**Problem details:**
Could each record be written out again exactly as it stands?

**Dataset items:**
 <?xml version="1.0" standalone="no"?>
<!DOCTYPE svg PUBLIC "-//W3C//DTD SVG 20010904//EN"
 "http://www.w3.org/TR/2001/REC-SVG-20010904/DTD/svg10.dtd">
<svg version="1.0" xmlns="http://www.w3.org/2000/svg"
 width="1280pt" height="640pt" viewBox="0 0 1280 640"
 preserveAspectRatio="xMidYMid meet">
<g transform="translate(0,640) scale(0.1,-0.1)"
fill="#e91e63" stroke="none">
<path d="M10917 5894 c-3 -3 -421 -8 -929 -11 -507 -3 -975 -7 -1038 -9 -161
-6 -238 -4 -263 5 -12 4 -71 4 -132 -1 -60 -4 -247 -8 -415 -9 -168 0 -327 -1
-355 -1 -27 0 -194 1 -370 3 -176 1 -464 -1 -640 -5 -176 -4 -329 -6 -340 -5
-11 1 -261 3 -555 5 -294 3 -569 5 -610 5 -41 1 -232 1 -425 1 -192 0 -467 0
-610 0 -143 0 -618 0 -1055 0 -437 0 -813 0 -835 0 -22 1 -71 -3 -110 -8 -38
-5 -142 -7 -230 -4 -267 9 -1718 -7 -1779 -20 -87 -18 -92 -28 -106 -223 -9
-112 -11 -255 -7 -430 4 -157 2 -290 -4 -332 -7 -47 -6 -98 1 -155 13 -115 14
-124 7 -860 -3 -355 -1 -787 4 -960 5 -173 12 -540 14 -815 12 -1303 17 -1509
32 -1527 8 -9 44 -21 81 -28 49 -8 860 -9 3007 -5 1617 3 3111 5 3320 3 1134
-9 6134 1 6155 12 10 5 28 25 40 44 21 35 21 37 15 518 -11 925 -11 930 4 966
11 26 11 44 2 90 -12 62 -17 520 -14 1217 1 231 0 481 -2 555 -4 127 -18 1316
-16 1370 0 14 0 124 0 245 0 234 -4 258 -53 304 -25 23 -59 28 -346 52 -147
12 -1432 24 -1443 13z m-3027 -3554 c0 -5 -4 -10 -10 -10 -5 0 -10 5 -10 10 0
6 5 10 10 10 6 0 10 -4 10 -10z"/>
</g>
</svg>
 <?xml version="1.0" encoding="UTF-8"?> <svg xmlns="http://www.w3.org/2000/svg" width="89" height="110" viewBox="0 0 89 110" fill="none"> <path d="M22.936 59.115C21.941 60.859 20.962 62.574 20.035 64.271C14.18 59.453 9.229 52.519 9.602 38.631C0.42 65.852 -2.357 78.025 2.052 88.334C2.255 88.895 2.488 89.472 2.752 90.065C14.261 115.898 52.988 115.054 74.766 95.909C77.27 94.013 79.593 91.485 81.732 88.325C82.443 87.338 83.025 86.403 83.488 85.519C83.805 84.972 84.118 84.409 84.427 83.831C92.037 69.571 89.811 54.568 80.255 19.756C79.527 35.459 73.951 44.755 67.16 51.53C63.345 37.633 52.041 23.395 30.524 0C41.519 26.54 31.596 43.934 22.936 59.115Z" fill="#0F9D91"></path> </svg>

**Exercise answer:**
 <?xml version="1.0" standalone="no"?>
<!DOCTYPE svg PUBLIC "-//W3C//DTD SVG 20010904//EN"
 "http://www.w3.org/TR/2001/REC-SVG-20010904/DTD/svg10.dtd">
<svg version="1.0" xmlns="http://www.w3.org/2000/svg"
 width="1280pt" height="640pt" viewBox="0 0 1280 640"
 preserveAspectRatio="xMidYMid meet">
<g transform="translate(0,640) scale(0.1,-0.1)"
fill="#e91e63" stroke="none">
<path d="M10917 5894 c-3 -3 -421 -8 -929 -11 -507 -3 -975 -7 -1038 -9 -161
-6 -238 -4 -263 5 -12 4 -71 4 -132 -1 -60 -4 -247 -8 -415 -9 -168 0 -327 -1
-355 -1 -27 0 -194 1 -370 3 -176 1 -464 -1 -640 -5 -176 -4 -329 -6 -340 -5
-11 1 -261 3 -555 5 -294 3 -569 5 -610 5 -41 1 -232 1 -425 1 -192 0 -467 0
-610 0 -143 0 -618 0 -1055 0 -437 0 -813 0 -835 0 -22 1 -71 -3 -110 -8 -38
-5 -142 -7 -230 -4 -267 9 -1718 -7 -1779 -20 -87 -18 -92 -28 -106 -223 -9
-112 -11 -255 -7 -430 4 -157 2 -290 -4 -332 -7 -47 -6 -98 1 -155 13 -115 14
-124 7 -860 -3 -355 -1 -787 4 -960 5 -173 12 -540 14 -815 12 -1303 17 -1509
32 -1527 8 -9 44 -21 81 -28 49 -8 860 -9 3007 -5 1617 3 3111 5 3320 3 1134
-9 6134 1 6155 12 10 5 28 25 40 44 21 35 21 37 15 518 -11 925 -11 930 4 966
11 26 11 44 2 90 -12 62 -17 520 -14 1217 1 231 0 481 -2 555 -4 127 -18 1316
-16 1370 0 14 0 124 0 245 0 234 -4 258 -53 304 -25 23 -59 28 -346 52 -147
12 -1432 24 -1443 13z m-3027 -3554 c0 -5 -4 -10 -10 -10 -5 0 -10 5 -10 10 0
6 5 10 10 10 6 0 10 -4 10 -10z"/>
</g>
</svg>
 <?xml version="1.0" encoding="UTF-8"?> <svg xmlns="http://www.w3.org/2000/svg" width="89" height="110" viewBox="0 0 89 110" fill="none"> <path d="M22.936 59.115C21.941 60.859 20.962 62.574 20.035 64.271C14.18 59.453 9.229 52.519 9.602 38.631C0.42 65.852 -2.357 78.025 2.052 88.334C2.255 88.895 2.488 89.472 2.752 90.065C14.261 115.898 52.988 115.054 74.766 95.909C77.27 94.013 79.593 91.485 81.732 88.325C82.443 87.338 83.025 86.403 83.488 85.519C83.805 84.972 84.118 84.409 84.427 83.831C92.037 69.571 89.811 54.568 80.255 19.756C79.527 35.459 73.951 44.755 67.16 51.53C63.345 37.633 52.041 23.395 30.524 0C41.519 26.54 31.596 43.934 22.936 59.115Z" fill="#0F9D91"></path> </svg>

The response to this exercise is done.